Some countries, like Germany, have adapted their competition laws to address perceived challenges according to these recommendations, while preserving fundamental competition law principles of efficiency and consumer welfare. Other countries, like the U.K., are in the process of doing so. Still others have decided to fine-tune enforcement to address these challenges using the inherent flexibility of competition laws. 

However, there are serious concerns where governments go beyond competition law principles and seek to restructure markets to favor national champions, or discriminate against specific firms. The OECD recommends “promoting competition and efficiency in cases of conflict with non-efficiency goals, except where application of this principle is simply not practicable or politically feasible, in which case the competition distorting impact of the regulations is minimised.”

The EU’s Digital Markets Act (DMA) is set to impose on a handful of US companies new obligations and prohibitions inspired by remedies sought under ongoing competition investigations into those same companies. Through regulation, it effectively eliminates these companies’ ability to prove the pro-competitive or efficiency enhancing effects of their conduct. The DMA contains no safeguards to address circumstances where its application will reduce efficiency or consumer welfare, and is therefore liable to distort competition between regulated and unregulated firms.  

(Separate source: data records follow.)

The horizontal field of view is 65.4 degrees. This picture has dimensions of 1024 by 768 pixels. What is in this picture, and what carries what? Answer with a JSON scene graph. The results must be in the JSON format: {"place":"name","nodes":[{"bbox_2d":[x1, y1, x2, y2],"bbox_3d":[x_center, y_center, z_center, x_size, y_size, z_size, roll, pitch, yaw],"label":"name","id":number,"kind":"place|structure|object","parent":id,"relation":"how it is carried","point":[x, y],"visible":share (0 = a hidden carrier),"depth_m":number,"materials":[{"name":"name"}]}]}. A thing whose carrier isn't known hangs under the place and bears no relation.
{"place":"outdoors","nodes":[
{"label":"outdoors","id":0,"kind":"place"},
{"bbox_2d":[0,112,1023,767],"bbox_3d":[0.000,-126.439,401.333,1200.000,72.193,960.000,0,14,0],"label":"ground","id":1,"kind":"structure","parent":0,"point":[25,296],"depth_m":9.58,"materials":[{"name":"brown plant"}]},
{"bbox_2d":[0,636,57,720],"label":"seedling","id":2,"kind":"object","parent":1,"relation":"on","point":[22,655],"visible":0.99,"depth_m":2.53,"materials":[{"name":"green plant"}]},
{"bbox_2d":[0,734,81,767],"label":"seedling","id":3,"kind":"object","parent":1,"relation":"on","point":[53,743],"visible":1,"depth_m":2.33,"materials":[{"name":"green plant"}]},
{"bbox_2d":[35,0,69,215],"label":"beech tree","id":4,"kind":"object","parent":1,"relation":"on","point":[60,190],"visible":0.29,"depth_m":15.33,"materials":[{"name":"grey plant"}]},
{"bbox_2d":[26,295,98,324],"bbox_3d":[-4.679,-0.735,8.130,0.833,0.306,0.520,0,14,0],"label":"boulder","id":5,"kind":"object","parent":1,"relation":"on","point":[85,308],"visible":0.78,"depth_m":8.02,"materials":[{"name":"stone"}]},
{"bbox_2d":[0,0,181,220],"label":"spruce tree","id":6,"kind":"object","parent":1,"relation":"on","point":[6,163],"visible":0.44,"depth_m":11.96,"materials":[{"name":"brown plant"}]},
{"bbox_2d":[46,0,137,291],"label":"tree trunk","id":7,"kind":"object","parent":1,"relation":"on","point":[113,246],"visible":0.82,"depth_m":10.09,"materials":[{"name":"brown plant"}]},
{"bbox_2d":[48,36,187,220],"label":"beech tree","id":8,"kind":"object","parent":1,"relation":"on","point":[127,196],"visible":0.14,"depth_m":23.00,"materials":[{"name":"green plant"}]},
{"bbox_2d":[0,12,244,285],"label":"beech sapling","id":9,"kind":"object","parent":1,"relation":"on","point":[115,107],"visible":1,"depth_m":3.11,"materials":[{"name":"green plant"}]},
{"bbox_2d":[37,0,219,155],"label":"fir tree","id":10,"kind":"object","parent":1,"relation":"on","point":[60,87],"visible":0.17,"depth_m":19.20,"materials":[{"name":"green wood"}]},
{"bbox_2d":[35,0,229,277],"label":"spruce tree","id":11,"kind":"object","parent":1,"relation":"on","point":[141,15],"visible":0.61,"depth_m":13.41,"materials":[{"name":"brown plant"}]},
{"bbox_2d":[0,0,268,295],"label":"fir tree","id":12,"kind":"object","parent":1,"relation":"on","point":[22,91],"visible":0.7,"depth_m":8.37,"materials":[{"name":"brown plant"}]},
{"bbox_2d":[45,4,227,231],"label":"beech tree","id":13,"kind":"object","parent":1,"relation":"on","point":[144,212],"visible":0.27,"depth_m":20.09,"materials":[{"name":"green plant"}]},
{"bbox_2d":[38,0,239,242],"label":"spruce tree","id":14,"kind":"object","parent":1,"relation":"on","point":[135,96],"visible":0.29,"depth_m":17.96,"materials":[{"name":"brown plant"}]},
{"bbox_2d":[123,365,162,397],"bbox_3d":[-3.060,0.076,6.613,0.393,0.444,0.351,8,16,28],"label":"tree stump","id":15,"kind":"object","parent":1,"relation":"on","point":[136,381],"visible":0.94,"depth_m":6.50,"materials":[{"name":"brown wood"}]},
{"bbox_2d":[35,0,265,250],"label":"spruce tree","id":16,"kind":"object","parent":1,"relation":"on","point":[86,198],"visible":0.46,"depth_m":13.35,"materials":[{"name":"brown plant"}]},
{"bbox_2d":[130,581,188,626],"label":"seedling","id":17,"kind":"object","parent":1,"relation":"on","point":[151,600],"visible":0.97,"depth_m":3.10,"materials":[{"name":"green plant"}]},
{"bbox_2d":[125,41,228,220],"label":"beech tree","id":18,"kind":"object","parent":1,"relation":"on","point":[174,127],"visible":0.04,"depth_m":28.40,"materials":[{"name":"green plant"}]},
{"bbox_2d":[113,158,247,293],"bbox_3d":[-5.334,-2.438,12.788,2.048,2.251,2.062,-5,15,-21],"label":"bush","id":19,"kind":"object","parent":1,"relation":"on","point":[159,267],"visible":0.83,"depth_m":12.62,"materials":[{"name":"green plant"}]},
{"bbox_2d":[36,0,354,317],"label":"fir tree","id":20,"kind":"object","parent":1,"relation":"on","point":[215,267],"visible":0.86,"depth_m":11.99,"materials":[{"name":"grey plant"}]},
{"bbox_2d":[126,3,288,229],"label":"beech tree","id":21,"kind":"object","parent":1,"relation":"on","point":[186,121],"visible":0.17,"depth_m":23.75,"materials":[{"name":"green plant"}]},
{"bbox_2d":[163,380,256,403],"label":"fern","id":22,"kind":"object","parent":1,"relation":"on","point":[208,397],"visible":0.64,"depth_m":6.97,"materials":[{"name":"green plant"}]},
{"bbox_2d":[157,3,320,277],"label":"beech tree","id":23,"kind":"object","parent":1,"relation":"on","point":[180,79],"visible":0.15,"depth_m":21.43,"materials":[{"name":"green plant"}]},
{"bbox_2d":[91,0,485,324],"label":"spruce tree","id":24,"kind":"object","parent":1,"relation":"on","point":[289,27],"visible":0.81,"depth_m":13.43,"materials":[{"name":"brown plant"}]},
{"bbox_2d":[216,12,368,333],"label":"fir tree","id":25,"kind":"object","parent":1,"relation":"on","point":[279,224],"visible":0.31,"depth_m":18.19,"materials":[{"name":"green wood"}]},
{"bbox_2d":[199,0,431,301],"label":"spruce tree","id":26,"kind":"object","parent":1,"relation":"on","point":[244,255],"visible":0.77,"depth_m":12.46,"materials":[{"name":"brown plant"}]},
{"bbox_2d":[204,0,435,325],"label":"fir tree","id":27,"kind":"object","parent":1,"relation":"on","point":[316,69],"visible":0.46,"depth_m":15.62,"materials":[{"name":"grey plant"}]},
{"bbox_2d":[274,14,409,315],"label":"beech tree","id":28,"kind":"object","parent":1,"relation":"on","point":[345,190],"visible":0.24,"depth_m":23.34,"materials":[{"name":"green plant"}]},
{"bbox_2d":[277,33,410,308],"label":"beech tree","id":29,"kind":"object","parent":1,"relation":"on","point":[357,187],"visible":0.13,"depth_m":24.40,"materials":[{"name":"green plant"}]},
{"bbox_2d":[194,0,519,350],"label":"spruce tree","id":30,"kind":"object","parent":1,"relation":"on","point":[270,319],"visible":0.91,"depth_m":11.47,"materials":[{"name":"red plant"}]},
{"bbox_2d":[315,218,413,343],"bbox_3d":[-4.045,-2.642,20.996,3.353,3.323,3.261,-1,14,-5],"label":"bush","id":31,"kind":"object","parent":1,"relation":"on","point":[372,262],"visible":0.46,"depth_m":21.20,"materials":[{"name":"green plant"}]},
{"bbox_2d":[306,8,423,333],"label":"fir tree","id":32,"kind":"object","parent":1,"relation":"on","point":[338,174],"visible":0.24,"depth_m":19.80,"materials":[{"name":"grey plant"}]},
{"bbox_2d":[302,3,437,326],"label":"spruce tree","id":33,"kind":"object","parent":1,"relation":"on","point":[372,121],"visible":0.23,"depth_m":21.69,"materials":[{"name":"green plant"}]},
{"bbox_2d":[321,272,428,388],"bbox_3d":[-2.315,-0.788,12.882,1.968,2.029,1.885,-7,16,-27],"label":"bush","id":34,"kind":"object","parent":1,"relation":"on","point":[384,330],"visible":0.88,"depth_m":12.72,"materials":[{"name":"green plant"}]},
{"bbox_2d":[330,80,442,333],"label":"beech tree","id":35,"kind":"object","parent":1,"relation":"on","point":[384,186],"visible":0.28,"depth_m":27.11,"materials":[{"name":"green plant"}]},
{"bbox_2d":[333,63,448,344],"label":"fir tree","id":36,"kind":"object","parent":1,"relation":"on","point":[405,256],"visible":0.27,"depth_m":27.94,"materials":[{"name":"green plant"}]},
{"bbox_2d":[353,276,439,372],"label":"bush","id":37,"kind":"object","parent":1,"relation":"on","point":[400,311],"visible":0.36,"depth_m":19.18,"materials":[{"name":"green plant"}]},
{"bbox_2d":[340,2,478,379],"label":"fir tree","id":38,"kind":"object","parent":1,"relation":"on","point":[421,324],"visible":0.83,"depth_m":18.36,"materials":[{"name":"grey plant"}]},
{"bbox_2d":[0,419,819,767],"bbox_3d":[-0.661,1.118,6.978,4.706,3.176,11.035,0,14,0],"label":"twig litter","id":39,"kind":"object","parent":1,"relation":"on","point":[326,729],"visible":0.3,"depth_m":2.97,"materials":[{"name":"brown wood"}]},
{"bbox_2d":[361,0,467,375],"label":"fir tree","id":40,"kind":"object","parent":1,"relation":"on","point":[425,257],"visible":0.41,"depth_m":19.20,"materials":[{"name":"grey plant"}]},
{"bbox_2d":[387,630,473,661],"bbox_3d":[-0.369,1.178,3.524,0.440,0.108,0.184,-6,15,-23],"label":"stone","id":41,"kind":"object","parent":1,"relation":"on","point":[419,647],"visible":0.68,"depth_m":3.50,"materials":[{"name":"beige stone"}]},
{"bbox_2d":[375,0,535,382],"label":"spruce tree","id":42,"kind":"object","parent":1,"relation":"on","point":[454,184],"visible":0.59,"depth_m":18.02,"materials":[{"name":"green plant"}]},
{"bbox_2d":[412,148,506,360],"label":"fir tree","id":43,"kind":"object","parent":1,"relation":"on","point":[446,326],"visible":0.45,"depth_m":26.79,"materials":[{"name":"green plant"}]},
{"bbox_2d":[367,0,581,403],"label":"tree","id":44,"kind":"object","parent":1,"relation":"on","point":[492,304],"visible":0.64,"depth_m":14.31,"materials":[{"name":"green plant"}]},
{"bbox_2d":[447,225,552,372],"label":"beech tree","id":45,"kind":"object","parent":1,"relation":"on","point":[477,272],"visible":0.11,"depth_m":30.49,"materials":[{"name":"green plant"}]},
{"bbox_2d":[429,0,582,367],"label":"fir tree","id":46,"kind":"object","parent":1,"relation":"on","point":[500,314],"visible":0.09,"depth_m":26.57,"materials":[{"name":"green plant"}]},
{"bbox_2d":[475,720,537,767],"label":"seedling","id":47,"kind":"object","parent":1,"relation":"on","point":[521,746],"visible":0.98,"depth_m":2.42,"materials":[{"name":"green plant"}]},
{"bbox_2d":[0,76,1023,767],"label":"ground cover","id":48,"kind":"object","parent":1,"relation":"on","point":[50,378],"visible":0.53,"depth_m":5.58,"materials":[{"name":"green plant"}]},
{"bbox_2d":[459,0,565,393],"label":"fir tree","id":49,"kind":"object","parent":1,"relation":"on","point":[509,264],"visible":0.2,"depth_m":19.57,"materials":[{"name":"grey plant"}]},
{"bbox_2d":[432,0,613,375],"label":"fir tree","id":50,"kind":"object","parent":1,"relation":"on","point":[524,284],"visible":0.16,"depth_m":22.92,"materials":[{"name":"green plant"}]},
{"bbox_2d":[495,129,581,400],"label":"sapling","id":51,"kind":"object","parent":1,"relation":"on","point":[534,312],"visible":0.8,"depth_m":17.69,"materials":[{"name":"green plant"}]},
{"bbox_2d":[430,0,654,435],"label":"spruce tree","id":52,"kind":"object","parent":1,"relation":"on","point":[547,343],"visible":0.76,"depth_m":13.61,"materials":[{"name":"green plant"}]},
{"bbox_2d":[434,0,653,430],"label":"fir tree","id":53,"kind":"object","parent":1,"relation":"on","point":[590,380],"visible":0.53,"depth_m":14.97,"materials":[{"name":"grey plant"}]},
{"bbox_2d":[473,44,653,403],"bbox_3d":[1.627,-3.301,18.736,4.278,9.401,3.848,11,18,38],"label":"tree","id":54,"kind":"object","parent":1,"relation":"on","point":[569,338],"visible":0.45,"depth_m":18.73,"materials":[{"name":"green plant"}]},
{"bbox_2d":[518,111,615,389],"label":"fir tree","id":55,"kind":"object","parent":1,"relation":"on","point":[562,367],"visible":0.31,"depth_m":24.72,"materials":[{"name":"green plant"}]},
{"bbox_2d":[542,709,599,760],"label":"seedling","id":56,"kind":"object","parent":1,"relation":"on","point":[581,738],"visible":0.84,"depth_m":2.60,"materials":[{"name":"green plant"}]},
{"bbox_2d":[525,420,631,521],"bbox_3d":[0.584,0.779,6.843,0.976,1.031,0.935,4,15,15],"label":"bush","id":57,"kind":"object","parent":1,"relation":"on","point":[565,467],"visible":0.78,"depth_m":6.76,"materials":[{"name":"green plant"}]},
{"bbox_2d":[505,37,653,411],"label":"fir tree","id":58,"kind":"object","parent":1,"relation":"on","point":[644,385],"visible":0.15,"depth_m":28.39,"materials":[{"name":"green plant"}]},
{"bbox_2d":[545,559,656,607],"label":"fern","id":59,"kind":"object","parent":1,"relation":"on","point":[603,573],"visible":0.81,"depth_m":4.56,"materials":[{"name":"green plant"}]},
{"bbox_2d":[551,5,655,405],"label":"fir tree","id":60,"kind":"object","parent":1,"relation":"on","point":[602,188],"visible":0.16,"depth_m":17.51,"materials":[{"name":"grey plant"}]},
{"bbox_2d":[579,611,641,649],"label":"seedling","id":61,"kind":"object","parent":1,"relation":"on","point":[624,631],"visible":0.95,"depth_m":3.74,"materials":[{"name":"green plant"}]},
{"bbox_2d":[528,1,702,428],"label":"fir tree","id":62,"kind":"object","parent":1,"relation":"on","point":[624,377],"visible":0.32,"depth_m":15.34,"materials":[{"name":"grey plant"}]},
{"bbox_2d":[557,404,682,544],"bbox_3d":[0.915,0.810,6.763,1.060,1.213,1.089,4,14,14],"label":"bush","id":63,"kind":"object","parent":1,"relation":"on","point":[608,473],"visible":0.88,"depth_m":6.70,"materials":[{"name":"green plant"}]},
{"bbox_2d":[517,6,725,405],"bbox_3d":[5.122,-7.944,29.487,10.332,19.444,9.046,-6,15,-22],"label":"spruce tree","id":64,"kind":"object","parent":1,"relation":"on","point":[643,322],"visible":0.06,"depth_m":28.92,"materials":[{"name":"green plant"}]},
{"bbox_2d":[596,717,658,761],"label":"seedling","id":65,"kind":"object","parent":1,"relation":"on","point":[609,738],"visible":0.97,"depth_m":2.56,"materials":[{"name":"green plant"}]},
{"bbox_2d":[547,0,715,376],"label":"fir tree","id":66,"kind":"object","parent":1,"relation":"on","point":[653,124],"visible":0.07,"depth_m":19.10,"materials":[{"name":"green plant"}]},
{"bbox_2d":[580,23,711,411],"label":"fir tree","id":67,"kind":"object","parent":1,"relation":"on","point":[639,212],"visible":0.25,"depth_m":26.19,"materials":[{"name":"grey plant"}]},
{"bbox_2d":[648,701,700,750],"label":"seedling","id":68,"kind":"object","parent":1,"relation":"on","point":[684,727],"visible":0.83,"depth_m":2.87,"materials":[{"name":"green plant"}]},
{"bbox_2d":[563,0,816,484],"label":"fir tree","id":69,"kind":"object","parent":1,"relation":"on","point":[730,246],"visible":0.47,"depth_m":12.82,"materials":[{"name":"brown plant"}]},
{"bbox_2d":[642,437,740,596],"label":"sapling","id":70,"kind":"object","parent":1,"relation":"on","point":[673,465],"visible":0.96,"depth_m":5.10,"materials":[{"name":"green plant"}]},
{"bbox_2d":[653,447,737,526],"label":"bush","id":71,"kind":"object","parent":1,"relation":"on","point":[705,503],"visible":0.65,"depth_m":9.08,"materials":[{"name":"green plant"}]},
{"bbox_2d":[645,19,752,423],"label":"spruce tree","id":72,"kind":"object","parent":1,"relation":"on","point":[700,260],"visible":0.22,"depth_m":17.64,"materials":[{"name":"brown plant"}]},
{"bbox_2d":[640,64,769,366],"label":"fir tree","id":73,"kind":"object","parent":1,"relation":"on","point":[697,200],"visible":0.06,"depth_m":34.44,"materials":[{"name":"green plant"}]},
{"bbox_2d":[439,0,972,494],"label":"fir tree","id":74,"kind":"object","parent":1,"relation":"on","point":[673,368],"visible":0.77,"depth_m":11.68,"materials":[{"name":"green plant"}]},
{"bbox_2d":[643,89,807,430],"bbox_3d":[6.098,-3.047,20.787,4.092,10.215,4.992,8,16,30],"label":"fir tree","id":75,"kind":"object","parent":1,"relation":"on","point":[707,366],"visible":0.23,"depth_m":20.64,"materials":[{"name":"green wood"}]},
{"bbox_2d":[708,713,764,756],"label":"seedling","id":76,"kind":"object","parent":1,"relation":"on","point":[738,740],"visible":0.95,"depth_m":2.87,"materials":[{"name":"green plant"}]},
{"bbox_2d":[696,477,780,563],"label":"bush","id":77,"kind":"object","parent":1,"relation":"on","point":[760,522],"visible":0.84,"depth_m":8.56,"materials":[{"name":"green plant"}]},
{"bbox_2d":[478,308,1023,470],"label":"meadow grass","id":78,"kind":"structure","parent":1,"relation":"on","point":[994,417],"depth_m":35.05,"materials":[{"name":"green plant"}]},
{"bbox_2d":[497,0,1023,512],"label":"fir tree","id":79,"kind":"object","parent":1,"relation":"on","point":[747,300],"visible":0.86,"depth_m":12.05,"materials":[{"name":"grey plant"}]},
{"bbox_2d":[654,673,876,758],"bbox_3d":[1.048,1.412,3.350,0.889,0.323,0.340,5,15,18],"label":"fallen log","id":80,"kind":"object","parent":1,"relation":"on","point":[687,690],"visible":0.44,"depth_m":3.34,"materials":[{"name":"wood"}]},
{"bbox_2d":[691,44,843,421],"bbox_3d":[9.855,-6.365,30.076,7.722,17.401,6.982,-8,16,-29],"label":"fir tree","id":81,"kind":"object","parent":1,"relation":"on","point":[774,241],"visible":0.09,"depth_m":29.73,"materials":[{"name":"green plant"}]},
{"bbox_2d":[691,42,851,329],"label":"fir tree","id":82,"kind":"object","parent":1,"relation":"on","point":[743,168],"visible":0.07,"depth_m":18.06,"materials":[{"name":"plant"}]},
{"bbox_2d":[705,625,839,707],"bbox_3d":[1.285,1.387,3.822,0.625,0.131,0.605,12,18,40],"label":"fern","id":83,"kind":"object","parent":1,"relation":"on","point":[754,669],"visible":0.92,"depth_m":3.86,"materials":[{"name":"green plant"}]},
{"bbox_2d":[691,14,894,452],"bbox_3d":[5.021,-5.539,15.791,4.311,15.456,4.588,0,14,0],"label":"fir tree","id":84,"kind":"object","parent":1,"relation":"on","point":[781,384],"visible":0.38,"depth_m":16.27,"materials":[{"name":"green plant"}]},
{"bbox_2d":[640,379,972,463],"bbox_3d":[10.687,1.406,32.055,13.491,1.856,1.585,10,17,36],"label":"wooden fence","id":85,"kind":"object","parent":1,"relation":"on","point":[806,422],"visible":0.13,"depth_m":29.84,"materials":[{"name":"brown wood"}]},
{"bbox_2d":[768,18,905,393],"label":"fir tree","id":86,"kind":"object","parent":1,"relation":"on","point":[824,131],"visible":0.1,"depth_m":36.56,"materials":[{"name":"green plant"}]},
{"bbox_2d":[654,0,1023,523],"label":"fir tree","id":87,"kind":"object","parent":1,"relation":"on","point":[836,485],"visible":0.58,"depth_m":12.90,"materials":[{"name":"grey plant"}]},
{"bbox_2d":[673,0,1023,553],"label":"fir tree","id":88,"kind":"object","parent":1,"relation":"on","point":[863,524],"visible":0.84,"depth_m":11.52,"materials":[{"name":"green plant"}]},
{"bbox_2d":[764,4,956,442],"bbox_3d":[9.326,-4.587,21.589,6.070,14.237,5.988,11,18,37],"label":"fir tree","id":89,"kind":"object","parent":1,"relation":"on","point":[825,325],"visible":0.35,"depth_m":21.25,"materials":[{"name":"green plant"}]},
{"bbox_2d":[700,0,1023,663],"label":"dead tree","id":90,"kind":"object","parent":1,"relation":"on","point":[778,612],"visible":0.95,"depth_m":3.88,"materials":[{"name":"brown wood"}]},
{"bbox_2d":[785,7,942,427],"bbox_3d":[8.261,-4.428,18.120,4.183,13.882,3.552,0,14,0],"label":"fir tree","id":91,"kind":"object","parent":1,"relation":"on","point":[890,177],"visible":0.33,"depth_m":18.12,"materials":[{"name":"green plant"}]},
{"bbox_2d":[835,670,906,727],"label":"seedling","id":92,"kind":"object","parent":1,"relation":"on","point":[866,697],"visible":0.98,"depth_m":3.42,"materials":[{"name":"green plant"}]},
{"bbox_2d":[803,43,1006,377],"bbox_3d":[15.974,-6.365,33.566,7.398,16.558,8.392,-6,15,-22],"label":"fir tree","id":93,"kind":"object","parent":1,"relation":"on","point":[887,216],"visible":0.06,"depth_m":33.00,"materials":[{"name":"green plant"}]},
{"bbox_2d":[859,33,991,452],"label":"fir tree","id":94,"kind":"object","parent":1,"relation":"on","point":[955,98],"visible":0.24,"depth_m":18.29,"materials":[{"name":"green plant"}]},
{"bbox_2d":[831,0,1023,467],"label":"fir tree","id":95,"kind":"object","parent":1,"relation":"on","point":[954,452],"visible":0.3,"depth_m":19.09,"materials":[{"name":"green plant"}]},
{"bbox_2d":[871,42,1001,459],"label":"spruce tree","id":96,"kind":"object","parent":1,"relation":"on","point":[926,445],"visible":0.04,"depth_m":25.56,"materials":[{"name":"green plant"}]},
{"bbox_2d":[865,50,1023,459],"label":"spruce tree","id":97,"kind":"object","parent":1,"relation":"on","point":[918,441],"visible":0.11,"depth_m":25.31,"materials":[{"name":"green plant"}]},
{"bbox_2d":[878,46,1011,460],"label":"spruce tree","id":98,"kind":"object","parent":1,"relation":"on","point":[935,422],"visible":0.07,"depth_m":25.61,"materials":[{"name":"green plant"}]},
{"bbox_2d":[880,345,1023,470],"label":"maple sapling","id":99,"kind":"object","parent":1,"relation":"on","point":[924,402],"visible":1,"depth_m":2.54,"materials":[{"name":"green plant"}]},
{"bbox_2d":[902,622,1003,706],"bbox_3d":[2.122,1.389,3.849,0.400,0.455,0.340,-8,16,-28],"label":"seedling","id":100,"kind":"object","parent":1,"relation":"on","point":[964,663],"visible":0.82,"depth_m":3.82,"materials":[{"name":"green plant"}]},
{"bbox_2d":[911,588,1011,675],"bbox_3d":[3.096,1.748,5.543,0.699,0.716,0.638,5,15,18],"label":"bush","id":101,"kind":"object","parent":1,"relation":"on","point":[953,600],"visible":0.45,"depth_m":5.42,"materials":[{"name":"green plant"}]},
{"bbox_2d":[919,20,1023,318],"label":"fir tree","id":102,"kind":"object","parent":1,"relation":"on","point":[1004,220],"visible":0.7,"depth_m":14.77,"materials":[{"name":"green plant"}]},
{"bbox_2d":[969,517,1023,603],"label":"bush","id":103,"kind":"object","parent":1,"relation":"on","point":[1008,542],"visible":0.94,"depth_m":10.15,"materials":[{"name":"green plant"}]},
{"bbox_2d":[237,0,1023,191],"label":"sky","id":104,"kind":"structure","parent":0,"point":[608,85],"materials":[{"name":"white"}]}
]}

The need to consider  pro-competitive effects of conduct before imposing penalties is particularly important in dynamic digital markets, where, as an EU expert report acknowledges, “the economics are not yet completely understood”. The focus of competition enforcement should remain on fostering a vigorous competitive process that improves outcomes for all consumers. Departing from this standard threatens to undermine collaborative approaches to ensuring robust competition in the transatlantic digital market. 

Many U.S. officials have already raised concerns with the Digital Markets Act.

The U.S. National Security Council warned EU leaders about the targeted and discriminatory nature of the DMA last June. Peter Harrell, Senior Director for International Economics and Competitiveness on the White House National Security Council, noted the potential impact to U.S. firms speaking at a CSIS event in November. 

U.S. Commerce Secretary Raimondo has repeatedly cited concerns with the DMA and other proposed EU legislation including the Digital Services Act. At an event held by the U.S. Chamber of Commerce in December 2021, she stated: “We have serious concerns that these proposals will disproportionately impact U.S.-based tech firms and their ability to adequately serve EU customers, and uphold security and privacy standards[.] . . . We understand the proposals are moving quickly through the EU’s legislative process, but now more than ever, we encourage officials to continue listening to concerns by stakeholders before finalizing their decision[.]” She previously made similar concerns in September ahead of the first meeting of the TTC.

U.S. officials also reportedly raised concerns about the risk to IP and trade secret protection in a position paper shared with EU officials. 

As the U.S. and EU consider approaches to digital governance, bilateral initiatives such as the Joint Technology Competition Dialogue and the TTC are important to discuss shared approaches while also raising concerns about unintended consequences for transatlantic trade through flawed regulation that doesn’t account for the pro-competitive effects of common platform conduct

Digital Trade

Companies rely on clear, predictable rules that facilitate digital trade to export their products and services around the world. These rules include balancing the competing interests between encouraging investment and enabling information access; promoting the free flow of information online; and maintaining balanced intermediary liability regimes.